– Какой интерес может иметь в чужой хате человек моей специальности… Наняли меня. За хорошие денежки. Вальта одного убрать. Но дело не выгорело.
– Об этом потом… Какого конкретно вальта? Расскажи подробнее.
– Я его паспортными данными не интересовался. Мне схему дали. И номер палаты. Пришить его, говорят, проще простого. Он и так не жилец на этом свете.
– Как ты проник в здание?
– На первом этаже окно в столовке было не заперто. По-моему, третье слева от угла. А внутри я отмычками действовал.
– Этими? – Донцов продемонстрировал один из своих трофеев.
– Ими, родимыми, – признался Ухарев. – Ручная работа, оружейная сталь.
– А как мимо дежурной медсестры пройти собирался? – продолжал допрос Донцов.
– Припугнул бы ее. Но без всякого насилия. Такое было пожелание.
– Еще какие-нибудь пожелания у заказчиков были?
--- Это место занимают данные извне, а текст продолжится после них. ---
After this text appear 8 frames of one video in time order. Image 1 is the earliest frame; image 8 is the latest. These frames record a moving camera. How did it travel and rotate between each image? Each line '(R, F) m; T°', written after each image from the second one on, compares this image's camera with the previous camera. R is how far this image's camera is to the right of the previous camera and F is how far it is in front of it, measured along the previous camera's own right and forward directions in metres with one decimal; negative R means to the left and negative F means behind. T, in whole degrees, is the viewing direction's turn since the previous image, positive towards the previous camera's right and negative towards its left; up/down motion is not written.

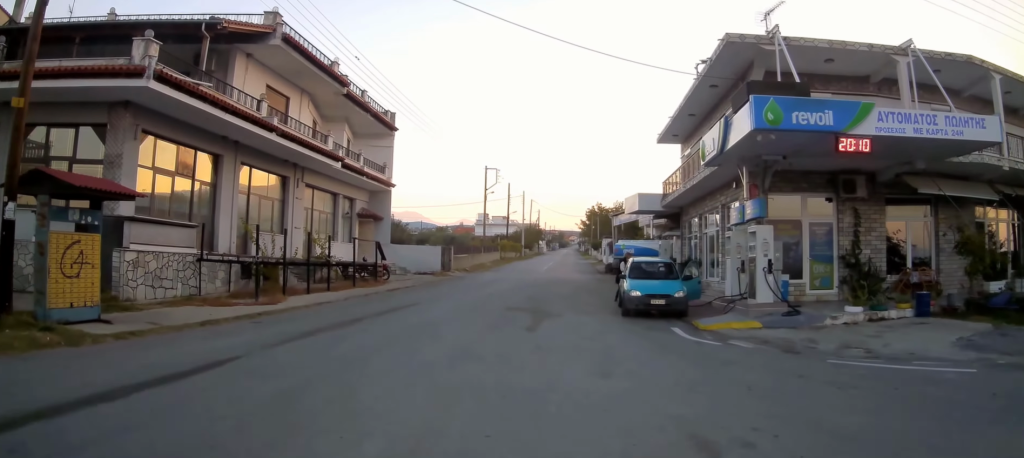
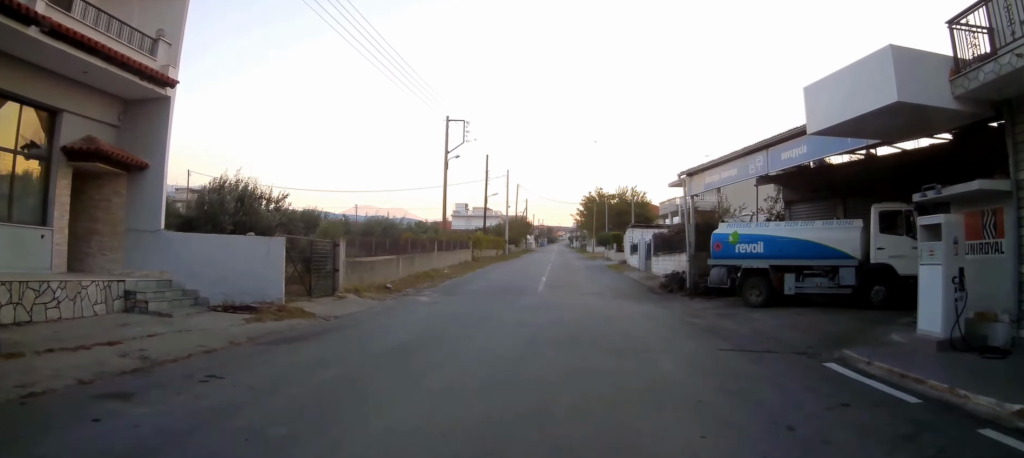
(+2.5, +22.1) m; +11°
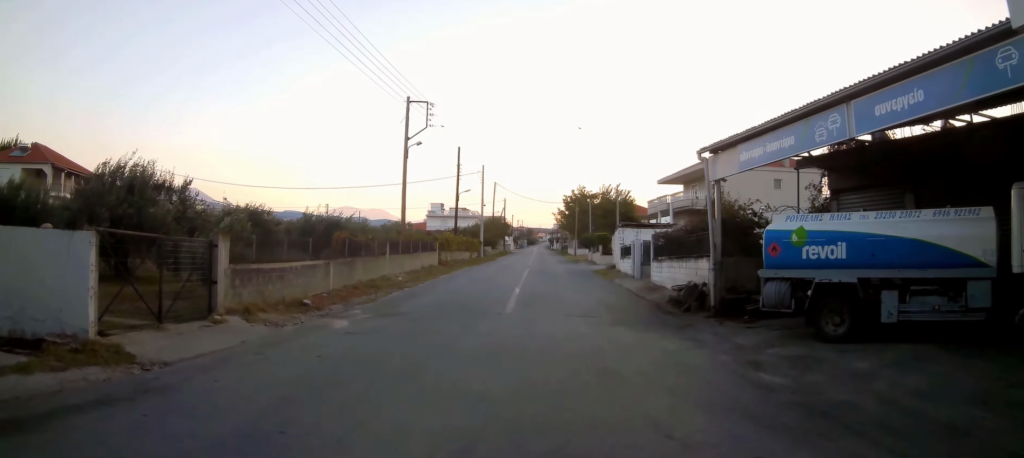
(0.0, +6.0) m; +1°
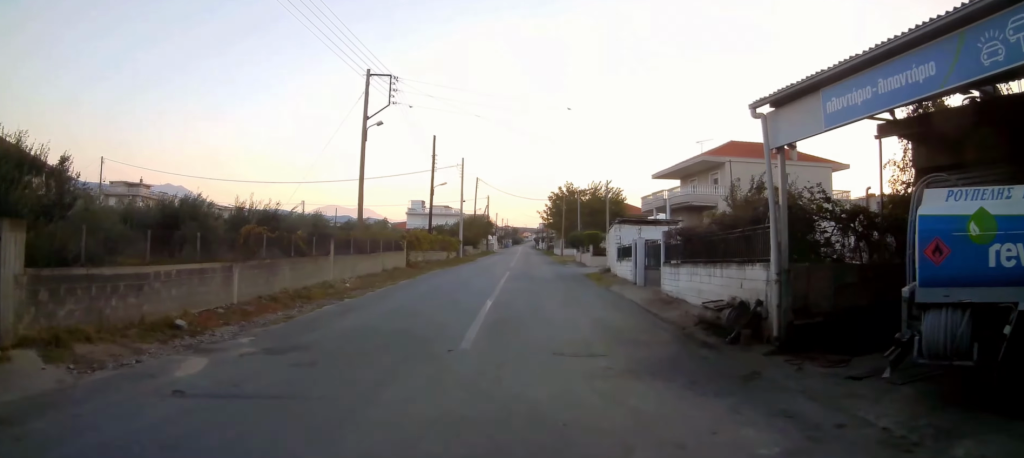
(0.0, +5.5) m; -2°
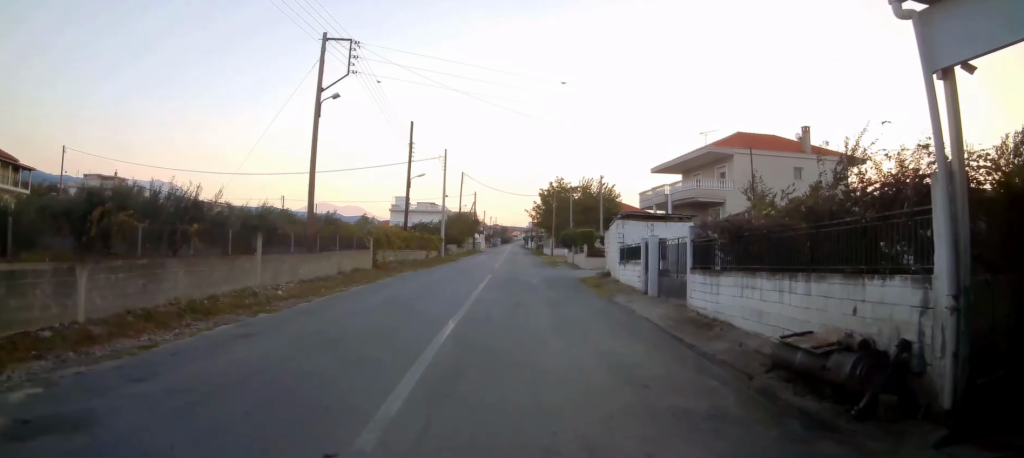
(-0.1, +5.1) m; -2°
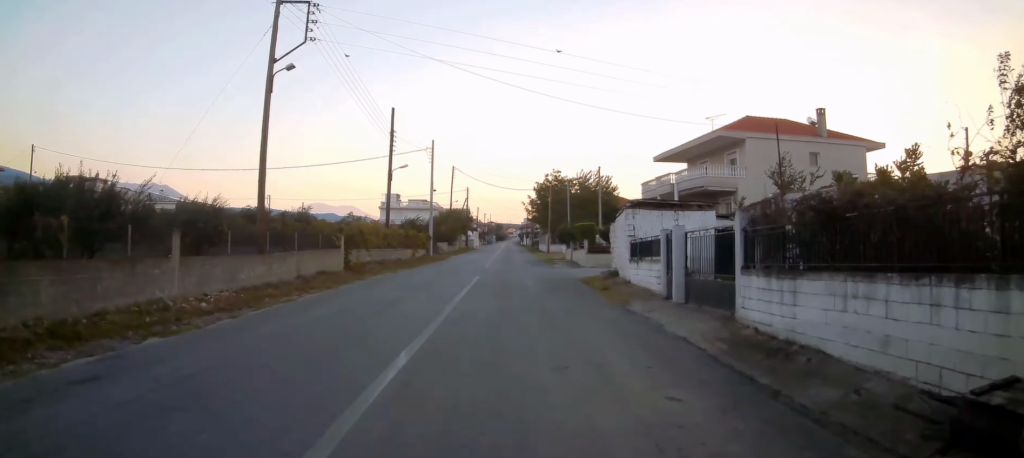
(-0.2, +4.0) m; -1°
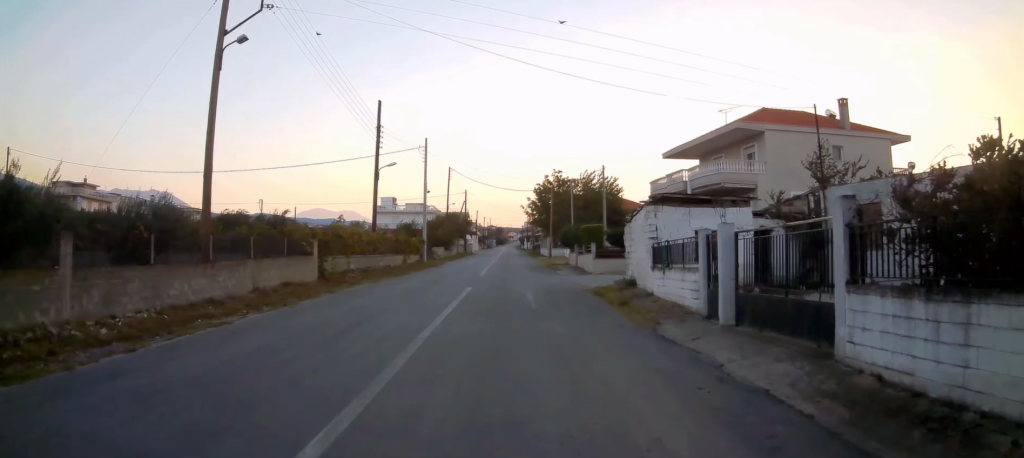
(0.0, +3.7) m; +1°
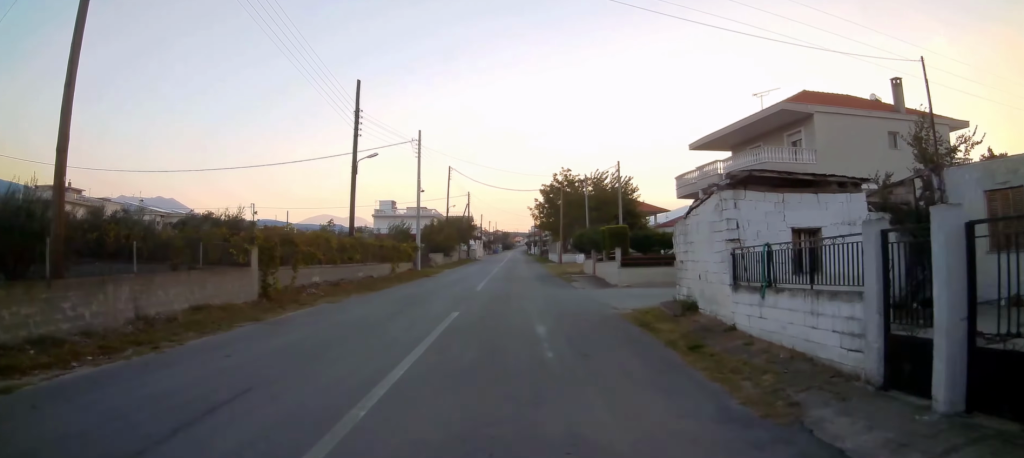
(+0.1, +6.2) m; +1°

– Дай подумать… Стрелять надо было в сердце, и только в сердце. Никаких контрольных выстрелов… И еще предупреждали, что следить за мной будут. От первой минуты и до последней.
– Каким образом?
– Вот это я не знаю. На пушку, наверное, брали. Никакой слежки за собой я как раз и не заметил.
– Заказ через кого получал?
– Через братву, как обычно. – Ухарев скривился, как бы заранее предчувствуя крупные неприятности (хотя и так вляпался – дальше некуда). – Не надо бы, начальник, об этом…
– Надо. Выкладывай фамилии, клички, приметы.
– Я с ними особо не якшаюсь. Встретились, разошлись… В тот раз со мной такой здоровый бугай базарил. Еще заячья губа у него. Зовут, кажется, Медиком. Второй пожиже – Ганс. Усики фашистские носит. Но в последнее время их что-то нигде не видно.
– А когда братва у заказчика деньги брала, ты разве не ходил позырить? – Вопрос был задан как бы между прочим, хотя ответ на него интересовал Донцова больше всего.
– Ходил, конечно, – не стал упираться Ухарев. – У нас так заведено. А вдруг мне личность этого фраера знакома. Правда, близко не подваливал. Издали зенки пялил.
– Опиши мне заказчика.
– Какая-то макака желтомордая. Китаец или узбек. Годами молодой. Особых примет никаких. Он мурло свое косоглазое все время в шарф прятал… Но тебе, начальник, я как на духу скажу. Авось и зачтется. На самом деле это баба была. Или девка. Хотя и переодетая под мужика.
– Почему ты так решил?
– Не держи меня за лопуха. Я бабу в любом обличье опознаю. Даже китайскую.
– Где схема, которую ты получил перед походом в клинику?
– Сжег к чертовой матери. Мы архивы не заводим.
– Почему ты не выполнил задание?
– Честно сказать, заблудился. Темно. Клиника огромная. Все коридоры одинаковые. Шастал, шастал, а потом на какую-то дрючку напоролся. Она хай подняла до небес. Прибежал амбал с дубинкой. Пришлось его пугнуть из пушки. Уходил опять через столовку. Окно за собой притворил.
– А что киллеру бывает, если он заказ не выполнил?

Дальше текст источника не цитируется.